[Input material]
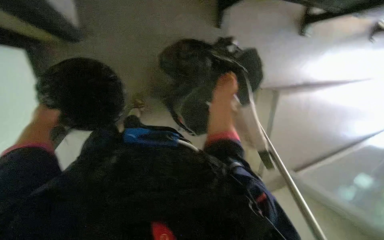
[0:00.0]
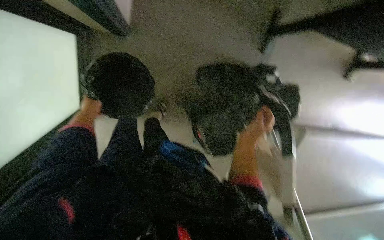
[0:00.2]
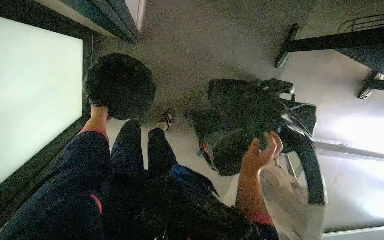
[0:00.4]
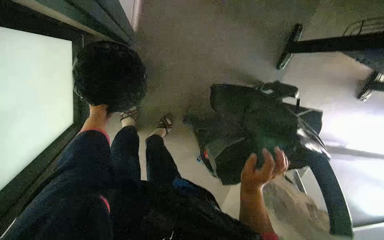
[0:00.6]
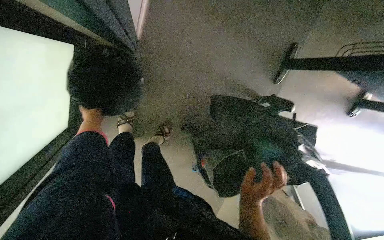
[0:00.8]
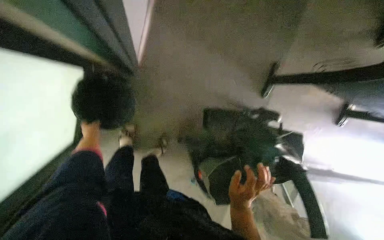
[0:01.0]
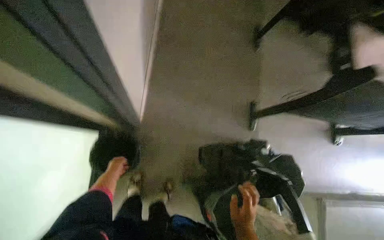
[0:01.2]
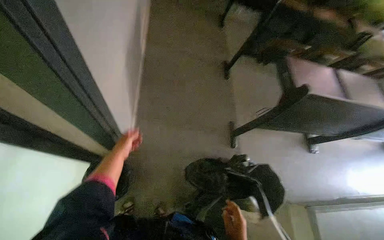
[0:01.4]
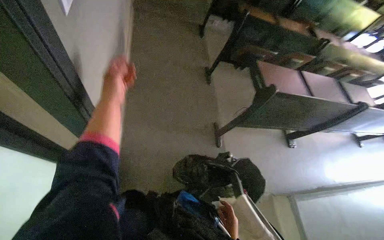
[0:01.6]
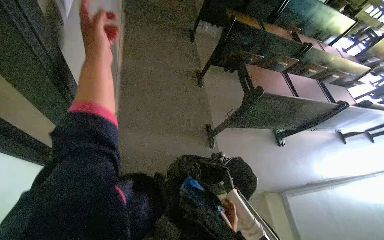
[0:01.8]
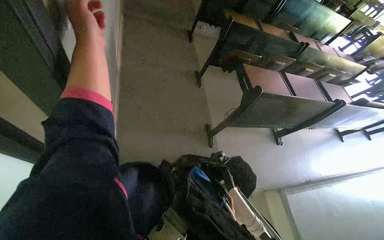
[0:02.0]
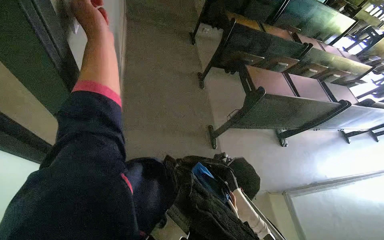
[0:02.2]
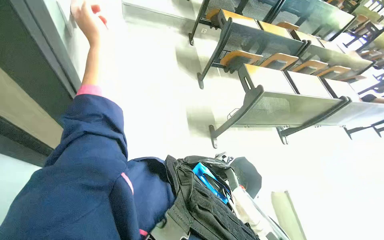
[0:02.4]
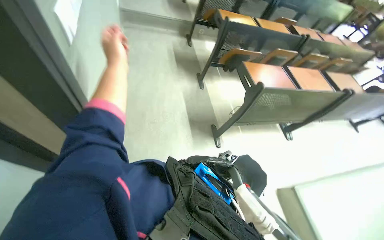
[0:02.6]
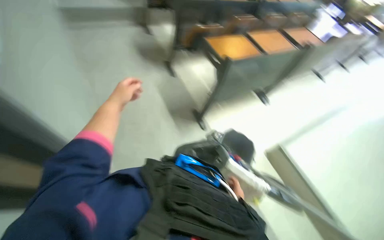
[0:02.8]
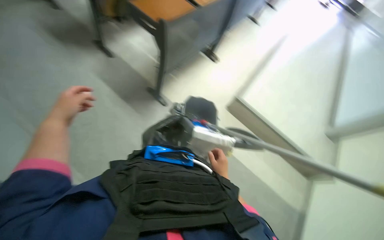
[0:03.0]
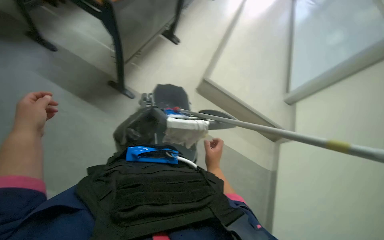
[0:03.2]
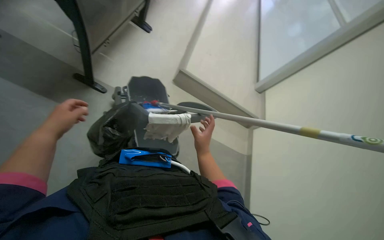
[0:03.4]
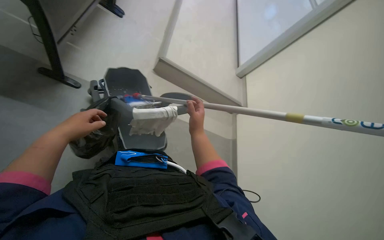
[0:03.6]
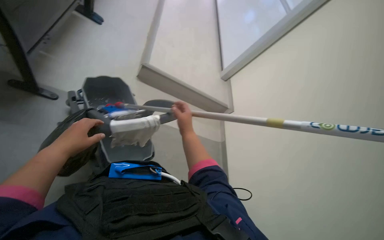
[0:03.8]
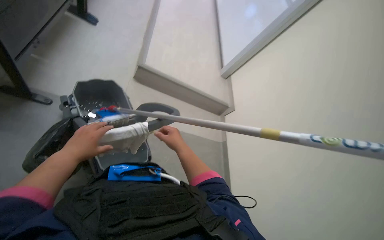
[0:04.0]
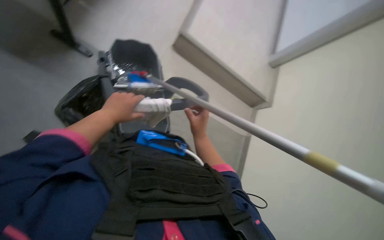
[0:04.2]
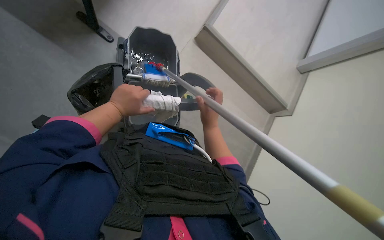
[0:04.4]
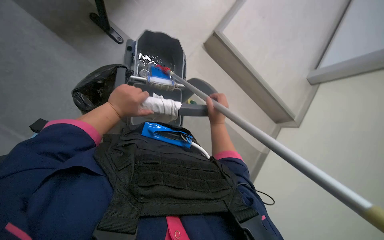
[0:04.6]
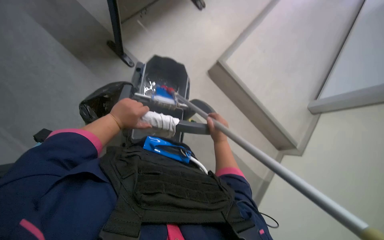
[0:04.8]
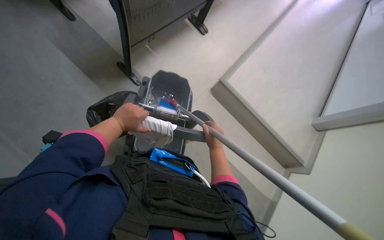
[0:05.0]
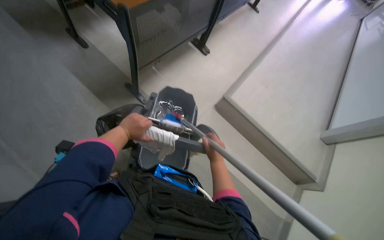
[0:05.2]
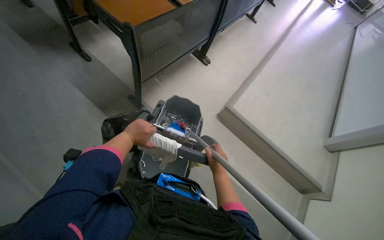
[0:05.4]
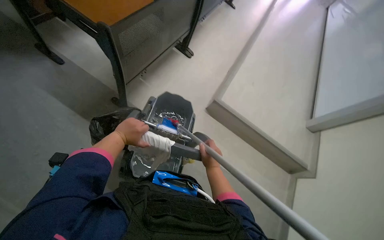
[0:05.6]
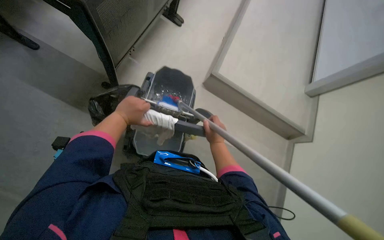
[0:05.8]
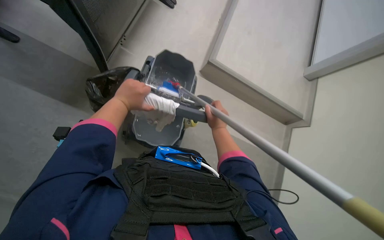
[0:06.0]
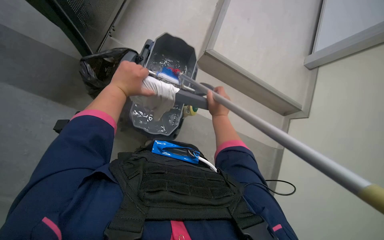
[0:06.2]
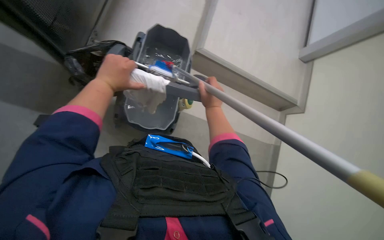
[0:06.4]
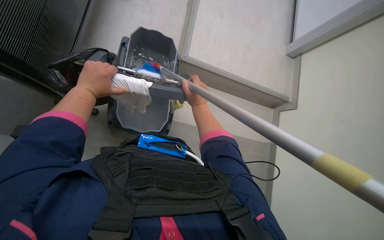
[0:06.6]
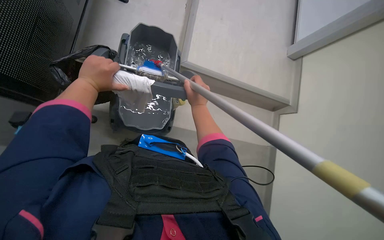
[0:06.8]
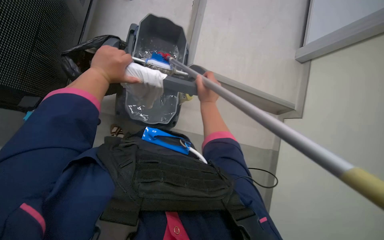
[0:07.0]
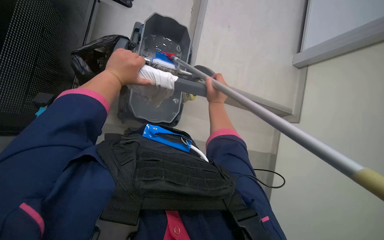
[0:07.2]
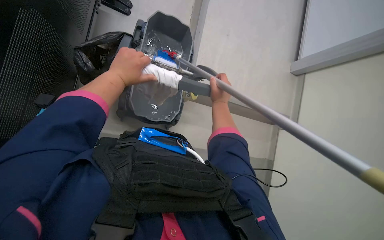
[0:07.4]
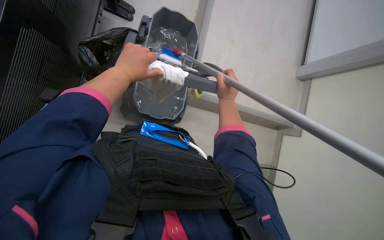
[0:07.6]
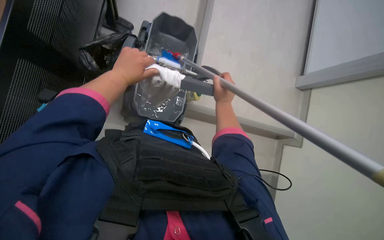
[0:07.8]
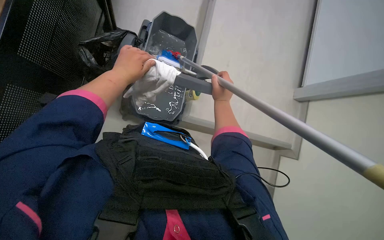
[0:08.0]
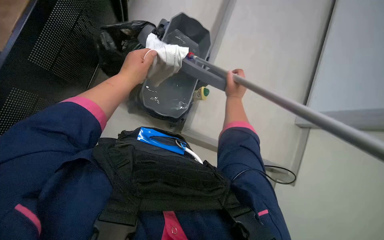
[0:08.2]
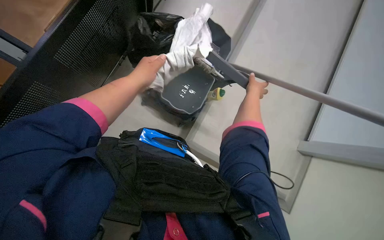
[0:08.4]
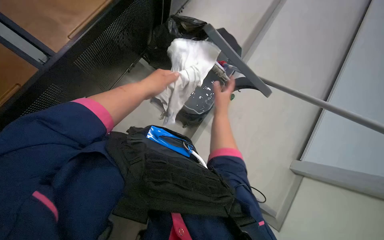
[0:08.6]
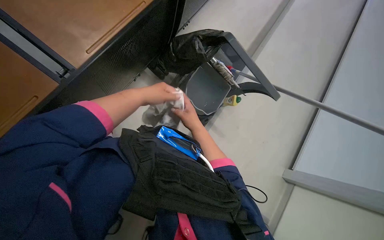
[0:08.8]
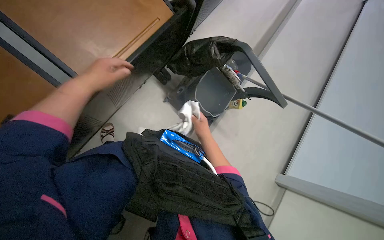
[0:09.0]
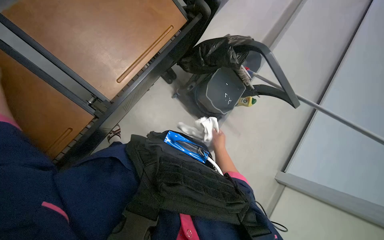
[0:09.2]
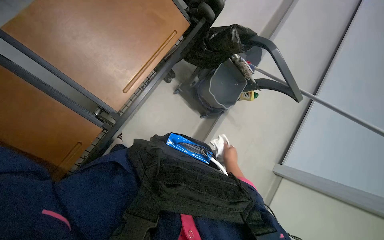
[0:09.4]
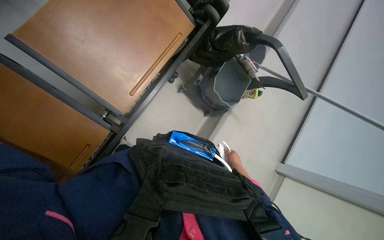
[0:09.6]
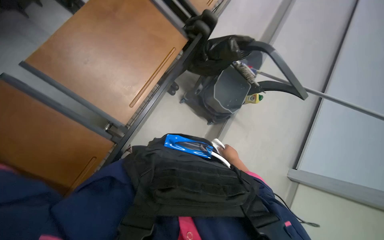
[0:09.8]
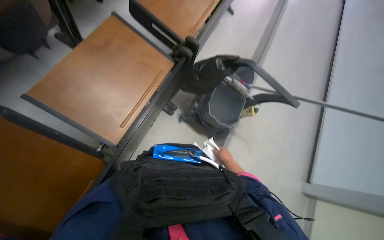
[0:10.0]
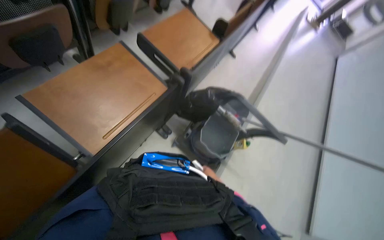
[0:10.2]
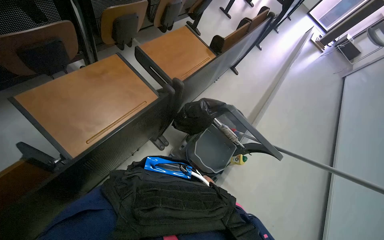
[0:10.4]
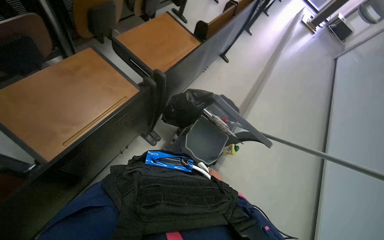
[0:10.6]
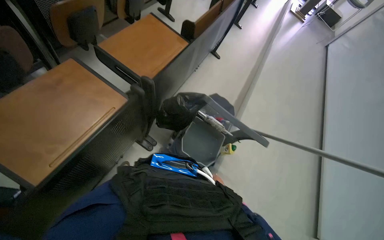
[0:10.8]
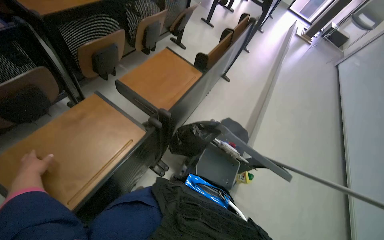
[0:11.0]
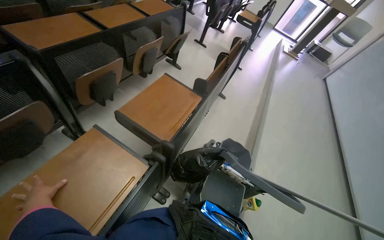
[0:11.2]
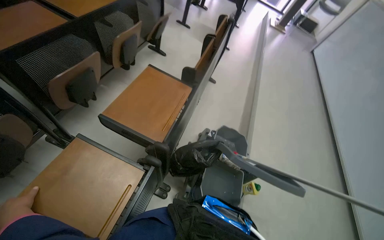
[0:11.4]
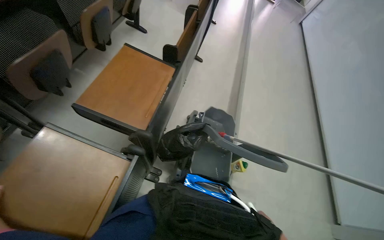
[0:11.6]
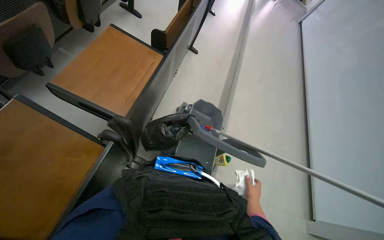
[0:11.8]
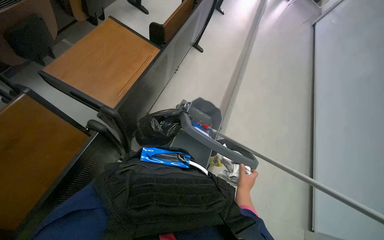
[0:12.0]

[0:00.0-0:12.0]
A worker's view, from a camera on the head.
Job: managing trash.
The whole recording: Emptying and cleaning trash bin. The worker removes the trash from the bin and cleans the trash bin.
0:00.0 to 0:01.6: The camera pitches upward, by about 45 degrees.
0:01.6 to 0:03.0: The wearer's head swings roughly 45 degrees to the right. The wearer looks roughly 10 degrees further downward.
0:03.0 to 0:04.4: The view tilts about 20 degrees downward.
0:04.4 to 0:06.0: The right hand moves farther from the camera, some 10 cm.
0:06.0 to 0:07.6: The hands stay close to where they were, moving slightly.
0:07.6 to 0:09.0: The right hand heads down the picture, covering about 10 cm, and reaches approximately 10 cm to the right, then returns. The left hand travels nearer to the camera by about 15 cm.
0:09.0 to 0:10.4: The camera pitches upward, by some 25 degrees.
[/Input material]
### [What you are asked to do]
Pictures aside, restate all of the entries exactly.

### [Solution to the exercise]
[0:00.0]
[0:00.2]
[0:00.4]
[0:00.6]
[0:00.8]
[0:01.0]
[0:01.2]
[0:01.4]
[0:01.6]
[0:01.8]
[0:02.0]
[0:02.2]
[0:02.4]
[0:02.6]
[0:02.8]
[0:03.0]
[0:03.2]
[0:03.4]
[0:03.6]
[0:03.8]
[0:04.0]
[0:04.2]
[0:04.4]
[0:04.6]
[0:04.8]
[0:05.0]
[0:05.2]
[0:05.4]
[0:05.6]
[0:05.8]
[0:06.0]
[0:06.2]
[0:06.4]
[0:06.6]
[0:06.8]
[0:07.0]
[0:07.2]
[0:07.4]
[0:07.6]
[0:07.8]
[0:08.0]
[0:08.2]
[0:08.4]
[0:08.6]
[0:08.8]
[0:09.0]
[0:09.2]
[0:09.4]
[0:09.6]
[0:09.8]
[0:10.0]
[0:10.2]
[0:10.4]
[0:10.6]
[0:10.8]
[0:11.0]
[0:11.2]
[0:11.4]
[0:11.6]
[0:11.8]
[0:12.0]

[0:00.0-0:12.0]
A worker's view, from a camera on the head.
Job: managing trash.
The whole recording: Emptying and cleaning trash bin. The worker removes the trash from the bin and cleans the trash bin.
0:00.0 to 0:01.6: The camera pitches upward, by about 45 degrees.
0:01.6 to 0:03.0: The wearer's head swings roughly 45 degrees to the right. The wearer looks roughly 10 degrees further downward.
0:03.0 to 0:04.4: The view tilts about 20 degrees downward.
0:04.4 to 0:06.0: The right hand moves farther from the camera, some 10 cm.
0:06.0 to 0:07.6: The hands stay close to where they were, moving slightly.
0:07.6 to 0:09.0: The right hand heads down the picture, covering about 10 cm, and reaches approximately 10 cm to the right, then returns. The left hand travels nearer to the camera by about 15 cm.
0:09.0 to 0:10.4: The camera pitches upward, by some 25 degrees.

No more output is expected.